Department of Transportation
In December 2006, Congress enacted the Pipeline Inspection, Protection, Enforcement and Safety Act of 2006
(2006 Act), which reauthorized the programs adopted under the Pipeline Safety Improvement Act of 2002 (2002
Act). These programs included several requirements related to ensuring pipeline safety, and a requirement to assess
the integrity of pipeline transmission facilities in areas of high population concentration. Under the legislation,
remediation activities are to be performed over a 10-year period. Our pipeline subsidiaries are on schedule to
comply with the timeframe mandated for completion of integrity assessment and remediation.

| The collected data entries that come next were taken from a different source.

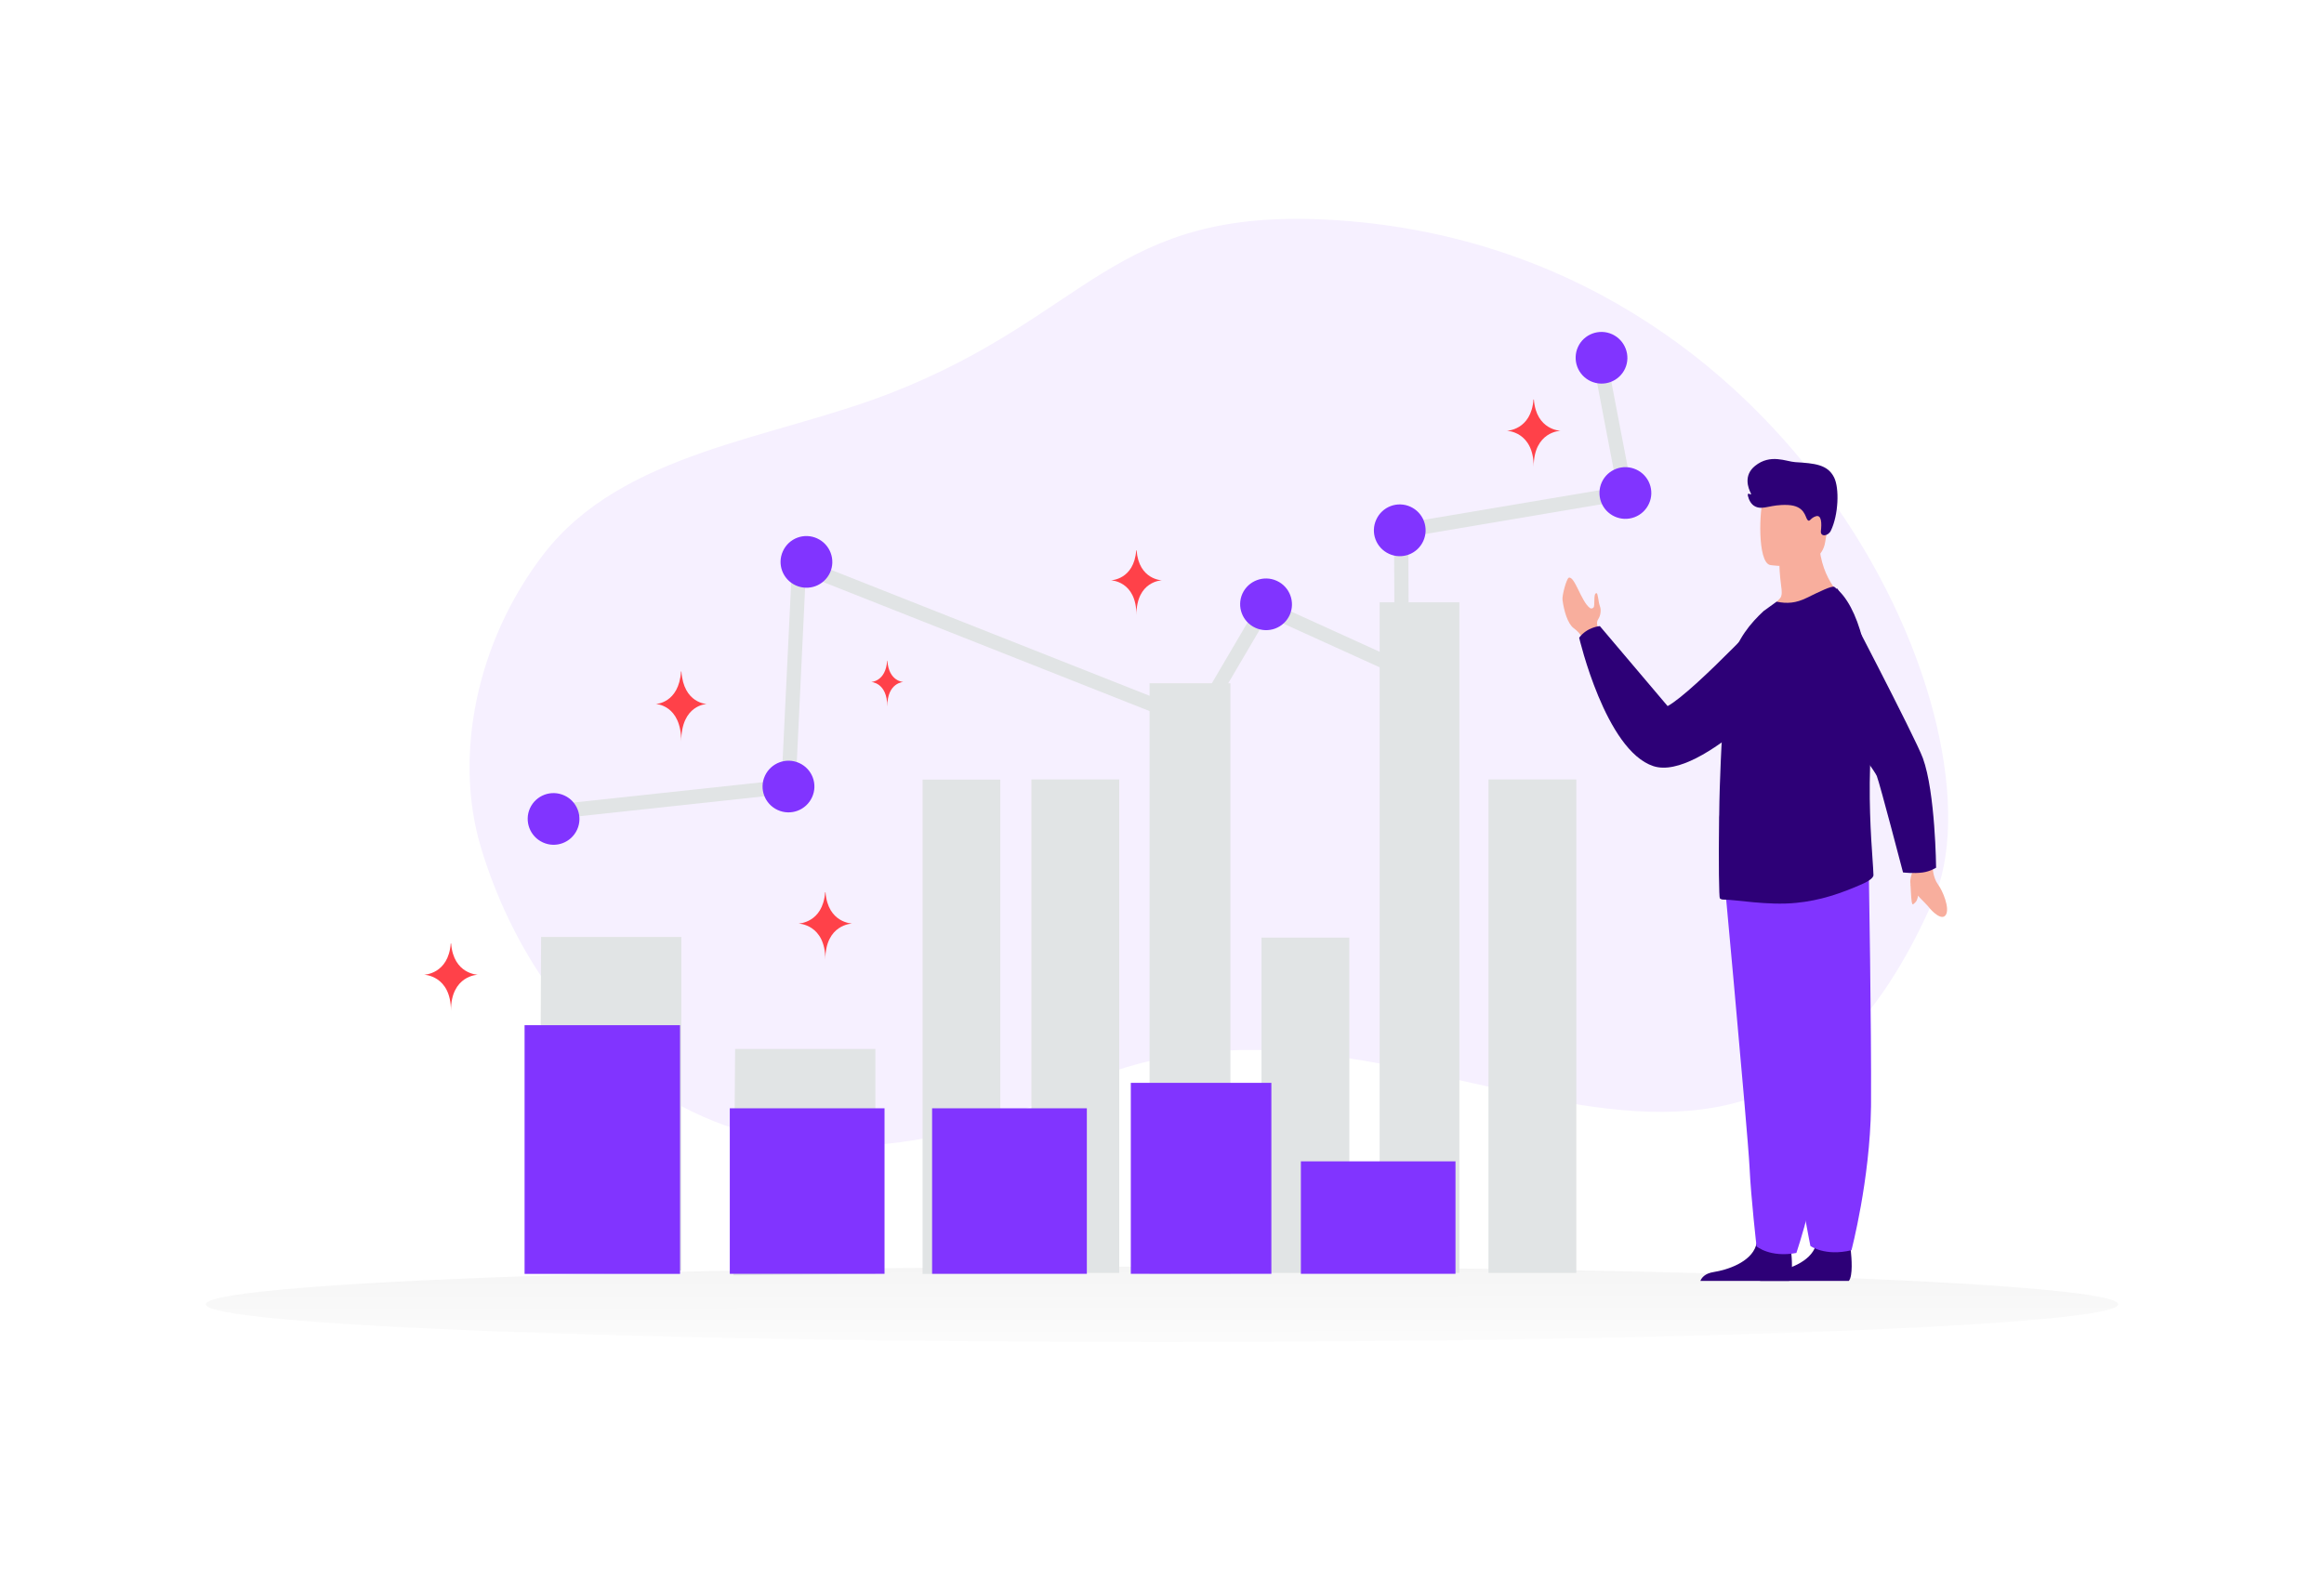 <svg width="700" height="480" viewBox="0 0 700 480" fill="none" xmlns="http://www.w3.org/2000/svg">
<rect x="0" y="0" width="700" height="480" fill="#333333" stroke="none"/>
<g clip-path="url(#clip0_599_5785)">
<rect width="700" height="480" fill="white"/>
<path d="M582.296 271.263C604.895 219.755 542.249 74.238 400.683 66.228C334.842 62.504 328.362 94.929 268.432 118.365C232.712 132.331 187.521 136.066 163.748 166.939C143.222 193.586 136.723 228.07 144.803 255.123C162.977 315.962 223.382 375.634 322.904 327.903C422.425 280.172 523.997 404.099 582.296 271.263Z" fill="#F6F0FF"/>
<path d="M350 404.305C509.058 404.305 638 399.22 638 392.948C638 386.675 509.058 381.59 350 381.59C190.942 381.59 62 386.675 62 392.948C62 399.22 190.942 404.305 350 404.305Z" fill="url(#paint0_linear_599_5785)"/>
<path d="M492.094 150.263L424.189 161.746L424.379 205.046L381.781 185.704L361.474 220.268L359.795 219.581L242.688 173.267L239.558 238.885L166.728 246.744L166.271 242.471L235.435 235.031L238.718 167.087L359.681 214.927L380.063 180.211L420.066 198.408L419.875 158.122L487.055 146.791L479.765 108.603L483.964 107.803L492.094 150.263Z" fill="#E1E4E5"/>
<path d="M246.123 162.203C250.054 163.996 251.773 168.612 250.016 172.503C248.223 176.433 243.604 178.149 239.673 176.356C235.74 174.564 234.023 169.947 235.817 166.056C236.238 165.124 236.839 164.284 237.586 163.585C238.332 162.886 239.21 162.342 240.168 161.984C241.126 161.626 242.145 161.461 243.167 161.498C244.189 161.536 245.194 161.776 246.123 162.203ZM240.741 229.881C244.672 231.674 246.391 236.29 244.596 240.181C242.802 244.11 238.184 245.827 234.252 244.034C230.32 242.241 228.603 237.625 230.397 233.733C232.191 229.843 236.81 228.087 240.741 229.881ZM365.101 207.677C369.032 209.47 370.75 214.086 368.956 217.978C367.162 221.907 362.543 223.623 358.65 221.83C354.718 220.038 353.001 215.421 354.795 211.53C356.55 207.601 361.17 205.884 365.101 207.677ZM384.567 174.982C388.5 176.775 390.217 181.391 388.461 185.283C388.036 186.216 387.431 187.056 386.681 187.755C385.93 188.454 385.05 188.998 384.089 189.356C383.128 189.713 382.106 189.878 381.081 189.84C380.056 189.803 379.049 189.563 378.117 189.136C374.186 187.343 372.467 182.727 374.224 178.836C376.017 174.944 380.636 173.189 384.567 174.982ZM424.838 152.666C425.771 153.09 426.612 153.694 427.311 154.444C428.01 155.194 428.554 156.074 428.913 157.035C429.271 157.995 429.436 159.017 429.398 160.042C429.36 161.066 429.121 162.073 428.693 163.005C426.899 166.934 422.28 168.65 418.387 166.857C414.455 165.064 412.738 160.448 414.532 156.557C414.949 155.621 415.548 154.778 416.293 154.076C417.039 153.373 417.916 152.825 418.874 152.463C419.832 152.102 420.853 151.933 421.876 151.968C422.9 152.003 423.906 152.24 424.838 152.666ZM492.82 141.448C496.751 143.241 498.469 147.857 496.675 151.748C496.25 152.682 495.645 153.522 494.894 154.221C494.144 154.92 493.263 155.464 492.302 155.822C491.341 156.18 490.319 156.345 489.294 156.307C488.27 156.269 487.262 156.03 486.33 155.602C485.397 155.178 484.557 154.573 483.857 153.824C483.158 153.074 482.614 152.194 482.256 151.233C481.898 150.272 481.733 149.251 481.77 148.226C481.808 147.202 482.047 146.195 482.475 145.263C484.269 141.372 488.887 139.656 492.82 141.448ZM485.605 100.705C489.498 102.499 491.255 107.115 489.498 111.006C487.705 114.935 483.086 116.652 479.155 114.859C478.221 114.435 477.381 113.831 476.682 113.081C475.982 112.331 475.438 111.451 475.08 110.49C474.722 109.53 474.557 108.508 474.594 107.483C474.632 106.459 474.872 105.452 475.3 104.52C477.055 100.667 481.674 98.912 485.605 100.705ZM169.973 239.646C173.867 241.401 175.622 246.055 173.828 249.946C172.034 253.876 167.415 255.592 163.522 253.799C159.591 252.006 157.873 247.39 159.629 243.499C161.423 239.57 166.041 237.853 169.973 239.646Z" fill="#8134FF"/>
<path d="M279.508 382.157V236.488H299.677V382.157H279.508ZM312.287 381.869V236.444H335.494V381.869H312.287ZM347.877 382.156V207.453H368.983V382.156H347.877ZM381.593 381.868V284.093H404.8V381.868H381.593ZM417.182 381.868V183.072H437.947V381.868H417.182ZM449.962 381.869V236.444H473.17V381.869H449.962ZM262.049 317.626V382.152L222.555 382.574L223.028 317.626H262.049ZM203.6 283.903V381.175L164.117 381.803L164.597 283.903H203.6Z" fill="#E1E4E5" stroke="#E1E4E5" stroke-width="3.245"/>
<path d="M327.362 333.896H280.755V383.757H327.362V333.896ZM266.424 333.896H219.818V383.757H266.424V333.896ZM204.833 308.854H158.005V383.778H204.833V308.854ZM382.939 326.228H340.607V383.758H382.939V326.228ZM438.4 349.88H391.832V383.757H438.4V349.88Z" fill="#8134FF"/>
<path d="M470.635 180.737C471.057 183.994 472.185 187.92 474.012 189.253C476.083 190.767 476.723 192.373 476.723 192.373L478.828 191.724L481.345 190.949C481.345 190.949 481.349 190.692 481.333 190.264C481.314 189.7 481.269 189.138 481.198 188.578C481.198 188.578 480.718 187.547 481.391 186.544C482.063 185.544 482.372 183.827 481.899 182.628C481.427 181.432 481.33 178.723 480.885 178.702C479.805 178.641 480.544 182.5 479.948 183.045C479.412 183.541 478.954 183.222 478.872 183.155L478.856 183.141C476.243 181.188 474.309 173.477 472.532 174.048C471.869 174.26 470.453 179.35 470.635 180.737ZM576.876 260.879C576.876 260.879 574.645 264.74 575.645 266.967C576.641 269.196 580.099 272.166 580.992 273.331C581.88 274.494 584.897 277.568 586.113 275.59C587.328 273.617 585.183 268.369 583.695 266.391C582.209 264.409 582.068 261.008 582.068 261.008L576.876 260.879Z" fill="#F8AE9D"/>
<path d="M575.449 266.324C575.449 266.324 575.62 270.578 575.822 271.713C576.025 272.852 576.226 272.504 577.004 271.739C577.781 270.976 577.772 268.75 578.064 268.603C578.355 268.456 575.449 266.324 575.449 266.324Z" fill="#F8AE9D"/>
<path d="M536.423 180.271C536.423 180.271 510.397 208.324 502.295 212.72L481.883 188.625C481.883 188.625 478.051 188.894 475.652 192.125C475.652 192.125 483.572 226.108 498.021 230.814C512.471 235.521 541.93 202.433 541.93 202.433L536.423 180.271ZM512.158 385.905H538.883C540.167 384.391 539.694 378.803 539.501 376.976C539.46 376.607 539.433 376.395 539.433 376.395C539.433 376.395 530.307 369.349 529.054 374.745C529.016 374.913 528.971 375.079 528.919 375.243C527.341 380.29 520.256 382.584 516.168 383.224C513.505 383.638 512.522 384.972 512.158 385.905Z" fill="#2D0077"/>
<path d="M530.148 385.904H556.874C558.157 384.39 557.684 378.802 557.492 376.975C557.452 376.606 557.425 376.394 557.425 376.394C557.425 376.394 548.299 369.347 547.046 374.743C547.008 374.911 546.962 375.078 546.91 375.242C545.332 380.289 538.247 382.582 534.159 383.222C531.497 383.636 530.514 384.971 530.148 385.904Z" fill="#2D0077"/>
<path d="M519.457 265.742C519.457 265.742 520.735 279.571 522.237 296.191C524.278 318.77 526.733 346.507 526.977 351.76C527.397 360.884 529.079 375.478 529.079 375.478C529.079 375.478 533.074 378.945 541.07 377.483C541.07 377.483 548.196 356.649 550.231 334.605L550.325 333.516C552.219 311.076 555.161 263.822 555.161 263.822L519.457 265.742Z" fill="#8134FF"/>
<path d="M526.703 266.688C526.703 266.688 529.113 280.379 531.975 296.837C535.864 319.195 540.588 346.661 541.257 351.877C542.417 360.935 545.301 375.363 545.301 375.363C545.301 375.363 549.646 378.58 557.668 376.653C557.668 376.653 563.253 355.492 563.557 333.427L563.564 332.337C563.693 309.887 562.898 262.672 562.898 262.672L526.703 266.688Z" fill="#8134FF"/>
<path d="M530.844 185.323C540.027 188.223 555.182 180.048 555.182 180.048C555.182 180.048 547.452 174.041 547.893 160.826L540.793 166.55L535.969 170.436C535.969 170.436 535.989 172.728 536.516 176.744C536.656 177.8 536.91 179.45 536.119 180.296C533.044 183.577 530.844 185.323 530.844 185.323Z" fill="#F8AE9D"/>
<path d="M533.163 170.22C533.163 170.22 548.333 172.742 549.758 163.269C551.182 153.797 554.098 147.742 544.473 145.733C534.848 143.723 532.415 147.053 531.173 150.099C529.929 153.145 529.255 169.32 533.163 170.22Z" fill="#F8AE9D"/>
<path d="M518.023 270.641C518.3 270.87 518.621 271.009 518.989 271.009C522.44 270.962 532.497 272.879 541.006 272.005C548.18 271.315 554.533 269.191 561.35 266.135C562.257 265.728 564.339 264.615 564.295 263.604C564.263 262.494 564.154 260.889 564.015 258.863C563.531 251.823 562.692 239.718 563.512 225.75C563.659 223.149 563.738 220.57 563.748 218.029C563.818 199.097 560.065 182.447 552.52 176.813C551.874 176.352 547.919 178.286 544.285 180.075C540.927 181.733 538.293 181.907 535.121 181.265L531.225 184.076C527.362 187.662 523.129 192.54 521.288 199.942C519.724 206.245 518.805 217.606 518.3 229.381C518.071 234.717 517.886 240.099 517.838 245.203V245.384C517.794 245.89 517.794 246.443 517.794 246.949C517.609 260.062 517.794 270.456 518.023 270.641Z" fill="#2D0077"/>
<path d="M579.151 262.844C576.271 263.235 573.199 262.832 573.199 262.832C573.199 262.832 566.255 236.229 565.304 233.783C564.353 231.336 541.967 201.714 541.967 201.714L553.421 177.249C553.421 177.249 576.892 222.149 579.177 228.4C582.953 238.727 583.161 261.407 583.161 261.407C583.161 261.407 581.414 262.539 579.151 262.844ZM551.464 159.874C550.639 161.582 548.243 161.834 548.464 159.951C548.715 157.808 548.712 155.004 546.97 155.524C545.227 156.046 545.138 157.442 544.422 156.628C543.707 155.814 543.694 152.38 538.505 152.138C533.315 151.9 531.207 153.706 528.797 152.644C527.352 152.008 526.727 150.445 526.457 149.293C526.381 148.966 526.619 148.51 526.837 148.765C527.043 149.006 527.562 148.99 527.414 148.711C526.5 146.976 525.133 143.191 528.615 140.37C533.277 136.596 538.028 139.066 540.724 139.228C546.667 139.588 550.505 139.944 552.445 143.849C554.053 147.088 553.777 155.09 551.464 159.874Z" fill="#2D0077"/>
<path d="M342.236 165.792H342.348C343.011 174.696 350 174.832 350 174.832C350 174.832 342.293 174.975 342.293 185.263C342.293 174.975 334.586 174.832 334.586 174.832C334.586 174.832 341.573 174.696 342.236 165.792ZM267.214 199.054H267.285C267.704 205.361 272.119 205.458 272.119 205.458C272.119 205.458 267.251 205.559 267.251 212.846C267.251 205.559 262.383 205.458 262.383 205.458C262.383 205.458 266.796 205.361 267.214 199.054ZM248.531 268.823H248.649C249.347 278.098 256.704 278.24 256.704 278.24C256.704 278.24 248.592 278.389 248.592 289.105C248.592 278.389 240.479 278.24 240.479 278.24C240.479 278.24 247.833 278.098 248.531 268.823ZM135.765 284.237H135.883C136.581 293.512 143.938 293.655 143.938 293.655C143.938 293.655 135.826 293.803 135.826 304.519C135.826 293.803 127.713 293.655 127.713 293.655C127.713 293.655 135.067 293.512 135.765 284.237ZM205.131 202.299H205.243C205.907 211.945 212.896 212.093 212.896 212.093C212.896 212.093 205.189 212.247 205.189 223.392C205.189 212.247 197.482 212.093 197.482 212.093C197.482 212.093 204.469 211.945 205.131 202.299ZM461.894 120.361H462.013C462.71 129.636 470.068 129.779 470.068 129.779C470.068 129.779 461.955 129.927 461.955 140.643C461.955 129.927 453.842 129.779 453.842 129.779C453.842 129.779 461.197 129.636 461.894 120.361Z" fill="#FF4149"/>
</g>
<defs>
<linearGradient id="paint0_linear_599_5785" x1="362.282" y1="417.041" x2="362.254" y2="356.871" gradientUnits="userSpaceOnUse">
<stop stop-color="white"/>
<stop offset="1" stop-color="#EEEEEE"/>
</linearGradient>
<clipPath id="clip0_599_5785">
<rect width="700" height="480" fill="white"/>
</clipPath>
</defs>
</svg>

Pursuant to the 2002 Act, and then the 2006 Act, the Pipeline and Hazardous Materials Safety Administration
(PHMSA) of the U.S. Department of Transportation (DOT) has adopted a number of rules concerning, among other
things, distinguishing between gathering lines and transmission facilities, requiring certain design and construction
features in new and replaced lines to reduce corrosion and requiring pipeline operators to amend existing written
operations and maintenance procedures and operator qualification programs.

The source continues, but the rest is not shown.